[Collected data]
<<<<

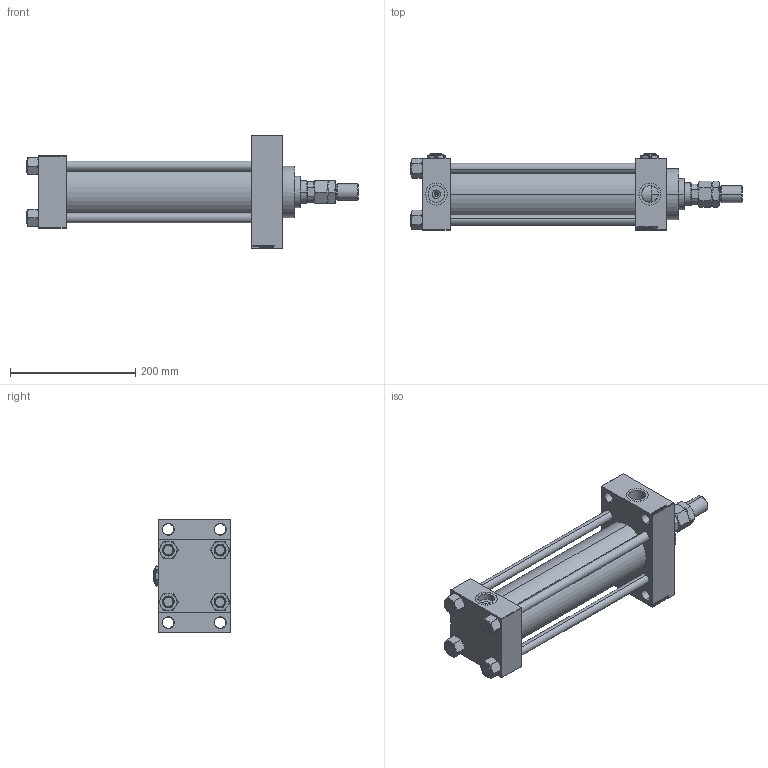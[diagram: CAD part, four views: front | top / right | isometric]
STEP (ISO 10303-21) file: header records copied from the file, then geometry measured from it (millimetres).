
FILE_DESCRIPTION (( 'STEP AP203' ), '1' );
FILE_NAME ('a843.STEP', '2022-04-15T20:58:07', ( '' ), ( '' ), 'SwSTEP 2.0', 'SolidWorks 2019', '' );
FILE_SCHEMA (( 'CONFIG_CONTROL_DESIGN' ));
Length unit declared in the file: millimetre
Products named in the file (8): Zatka_pro_OIL_PORT 29191ffa6737be0daea0e6f3141d0182; NUT_M5_D 29191ffa6737be0daea0e6f3141d0182; V215CR_D_Body 29191ffa6737be0daea0e6f3141d0182; V215CR_D_TYCINKA 29191ffa6737be0daea0e6f3141d0182; V215CR_VCP_D 29191ffa6737be0daea0e6f3141d0182; V215_VC_A 29191ffa6737be0daea0e6f3141d0182; a843; MTA 29191ffa6737be0daea0e6f3141d0182
Assembly tree (14 placements, depth 2):
  a843
    V215CR_D_Body 29191ffa6737be0daea0e6f3141d0182
    V215CR_VCP_D 29191ffa6737be0daea0e6f3141d0182
    NUT_M5_D 29191ffa6737be0daea0e6f3141d0182  x4
    V215CR_D_TYCINKA 29191ffa6737be0daea0e6f3141d0182  x4
    V215_VC_A 29191ffa6737be0daea0e6f3141d0182
    MTA 29191ffa6737be0daea0e6f3141d0182
    Zatka_pro_OIL_PORT 29191ffa6737be0daea0e6f3141d0182  x2
Bounding box: 530 x 122 x 180 mm (x, y, z)
Volume: 2622430 mm3; surface area: 504849.9 mm2
Topology: 14 solids, 14 shells, 1309 faces, 3254 edges, 2092 vertices
Faces by surface type: plane 610, bspline 368, cone 214, cylinder 107, torus 10
Entity records: 51651 total; most frequent: CARTESIAN_POINT 26500, ORIENTED_EDGE 5580, DIRECTION 3754, EDGE_CURVE 2790, VERTEX_POINT 1812, LINE 1596, VECTOR 1596, EDGE_LOOP 1252

>>>>

Whenever a line in the records above contains the string "STEP", copy that line.

STEP (ISO 10303-21) file: header records copied from the file, then geometry measured from it (millimetres).
FILE_DESCRIPTION (( 'STEP AP203' ), '1' );
FILE_NAME ('a843.STEP', '2022-04-15T20:58:07', ( '' ), ( '' ), 'SwSTEP 2.0', 'SolidWorks 2019', '' );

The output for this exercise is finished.